■ **SOURCE RECORDS**:
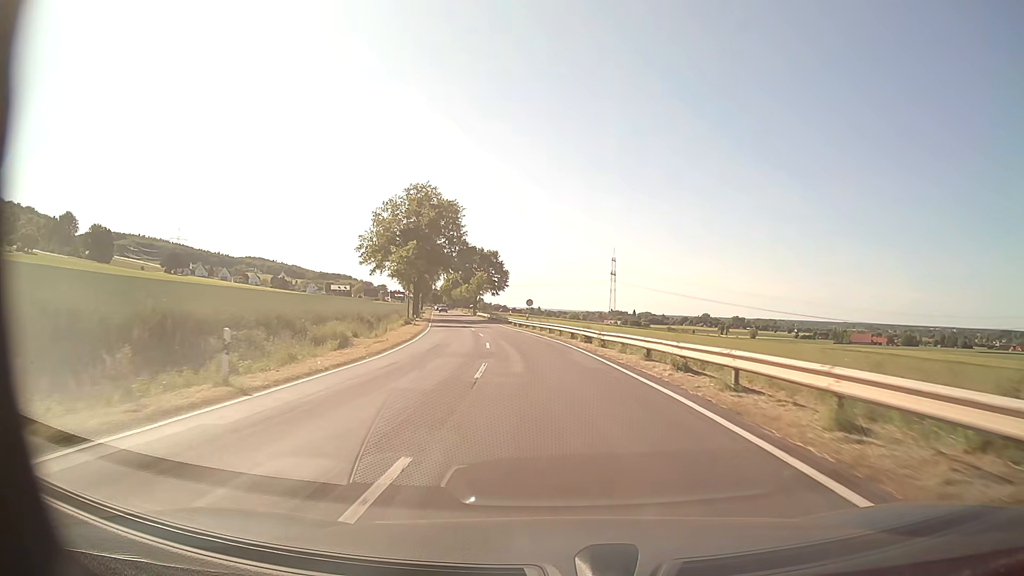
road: tertiary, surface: asphalt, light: Day
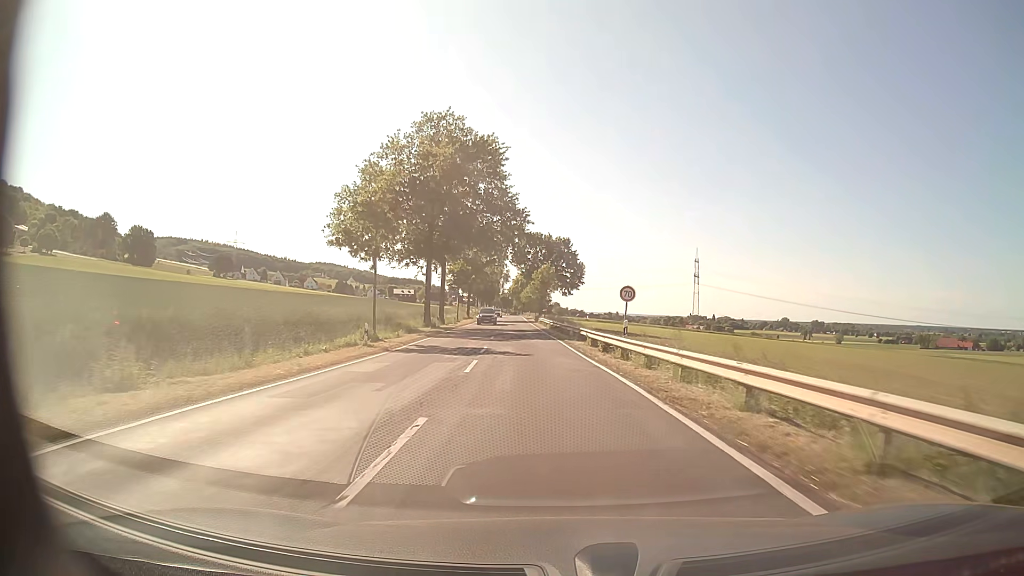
(-2.1, +33.6) m; -6°
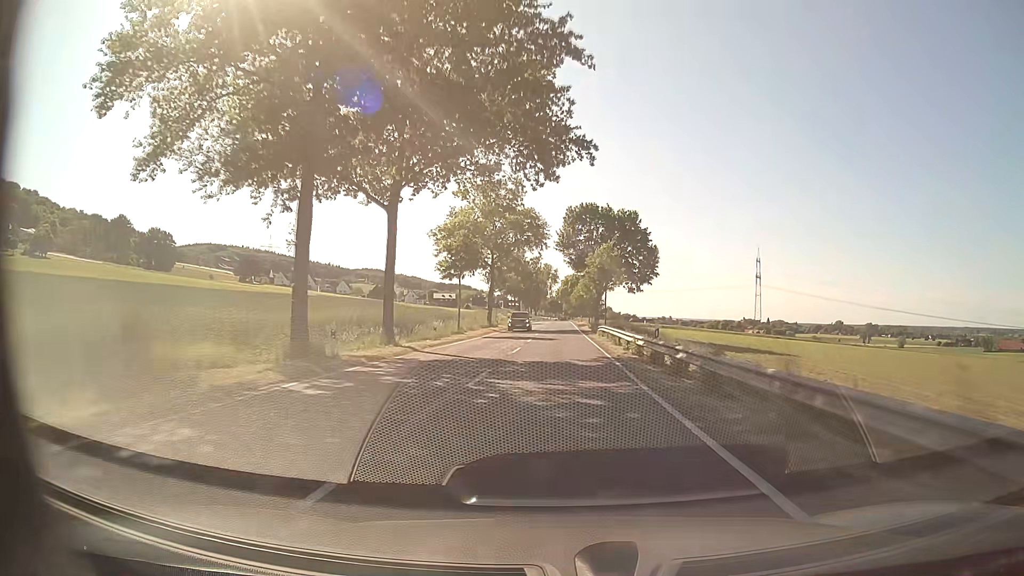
(-1.5, +34.1) m; -5°
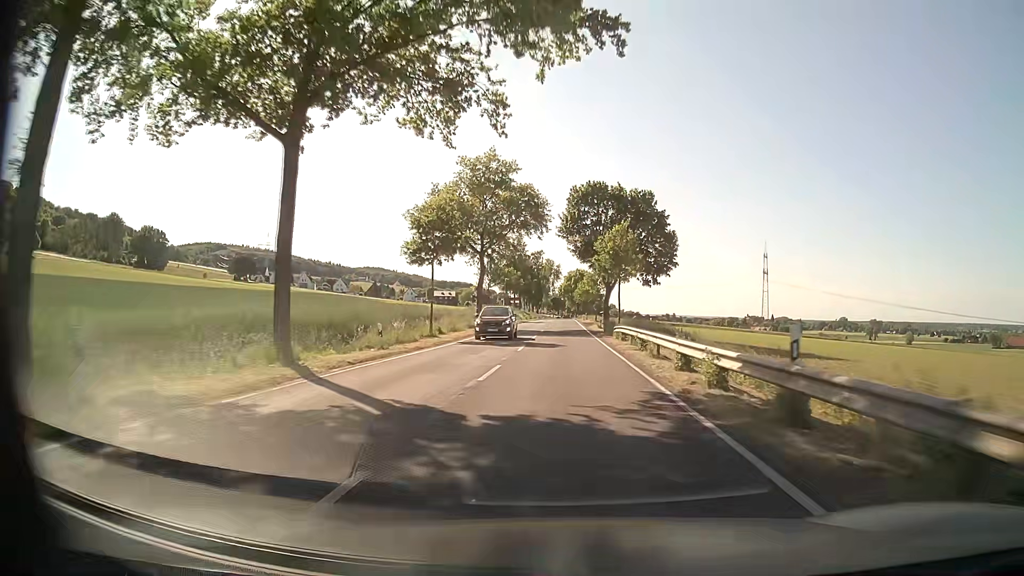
(0.0, +11.5) m; 0°
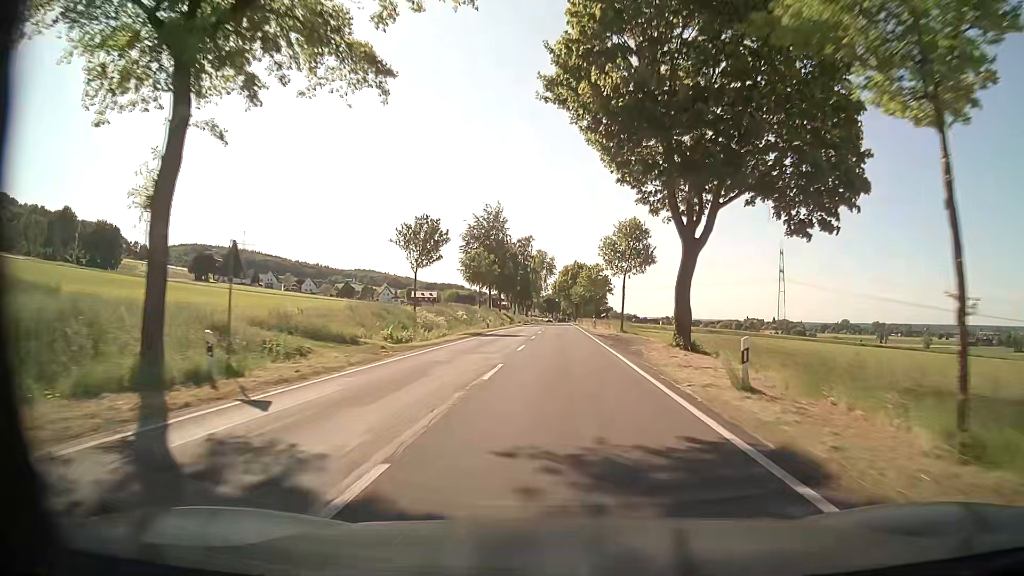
(+0.3, +45.9) m; 0°
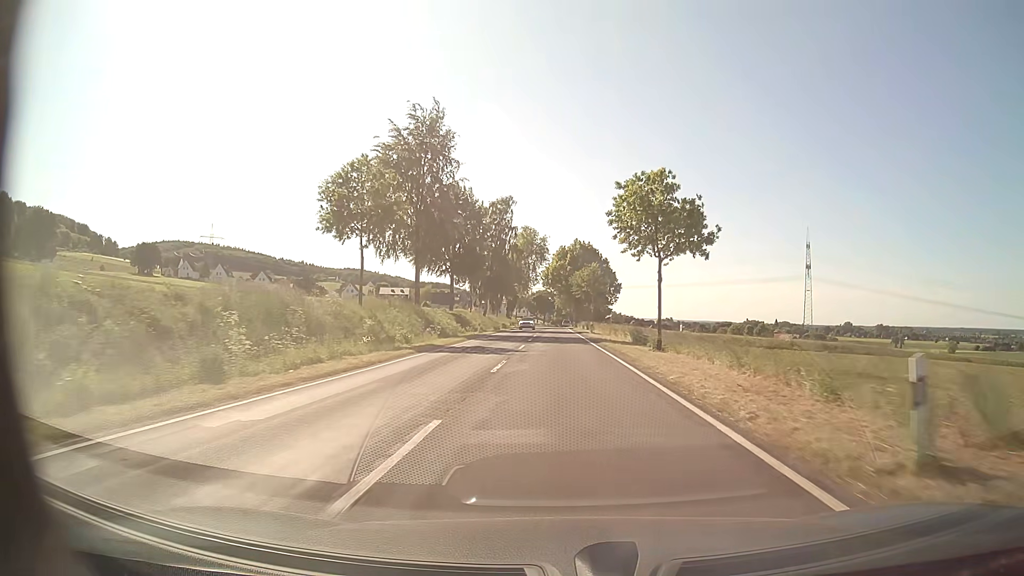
(+0.2, +56.1) m; +1°
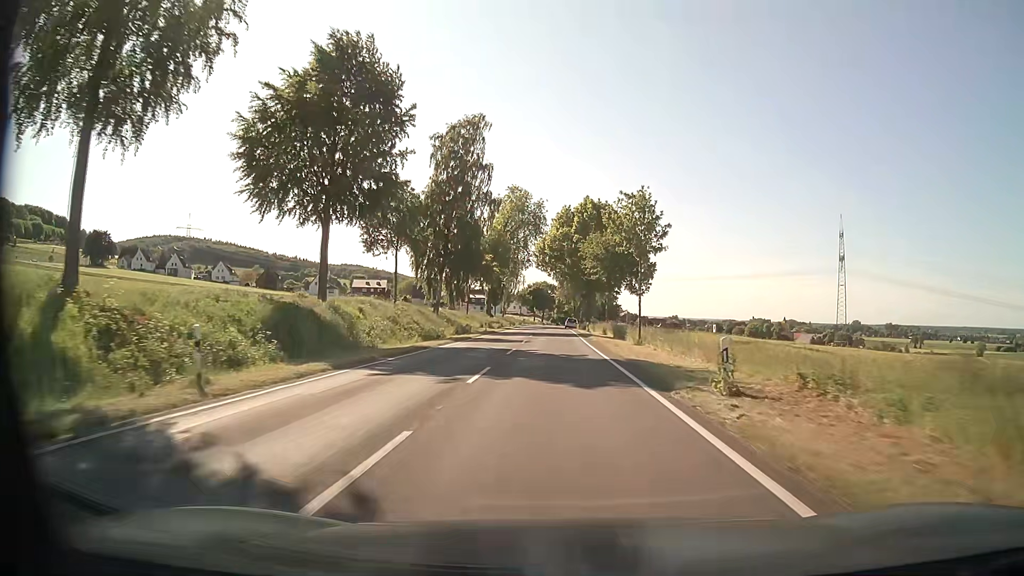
(+0.1, +44.4) m; 0°
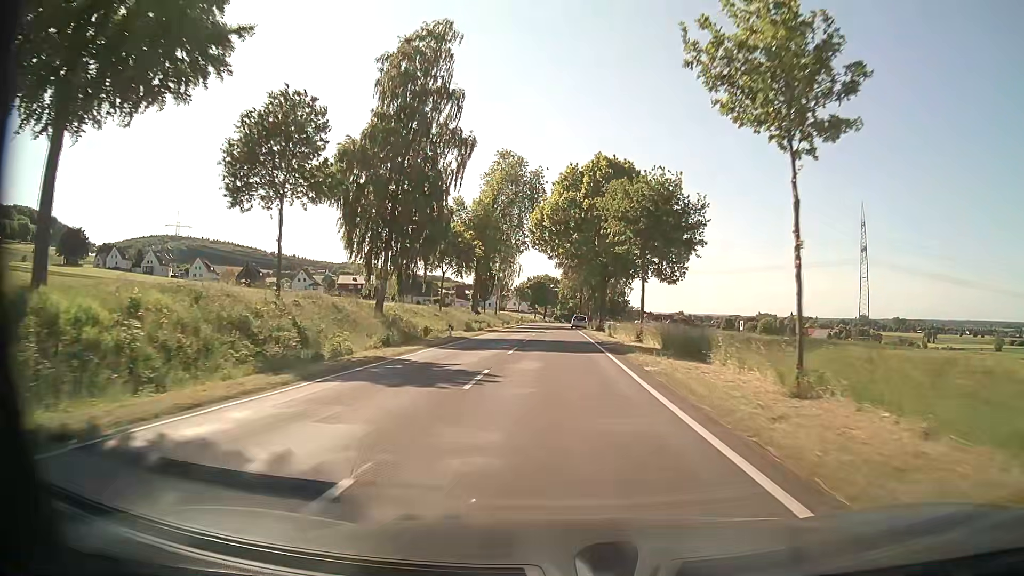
(-0.1, +22.2) m; 0°
(0, +10) (0, +20) (0, +30) (0, +40) (0, +50) (0, +60) (0, +70) (0, +80) (0, +90) (0, +100) m

■ **ABOUT THIS EXERCISE**: Pictures stay out of the copy, while everything else in the records above goes in exactly as written.

■ **TASK SOLUTION**:
road: tertiary, surface: asphalt, light: Day
(-2.1, +33.6) m; -6°
(-1.5, +34.1) m; -5°
(0.0, +11.5) m; 0°
(+0.3, +45.9) m; 0°
(+0.2, +56.1) m; +1°
(+0.1, +44.4) m; 0°
(-0.1, +22.2) m; 0°
(0, +10) (0, +20) (0, +30) (0, +40) (0, +50) (0, +60) (0, +70) (0, +80) (0, +90) (0, +100) m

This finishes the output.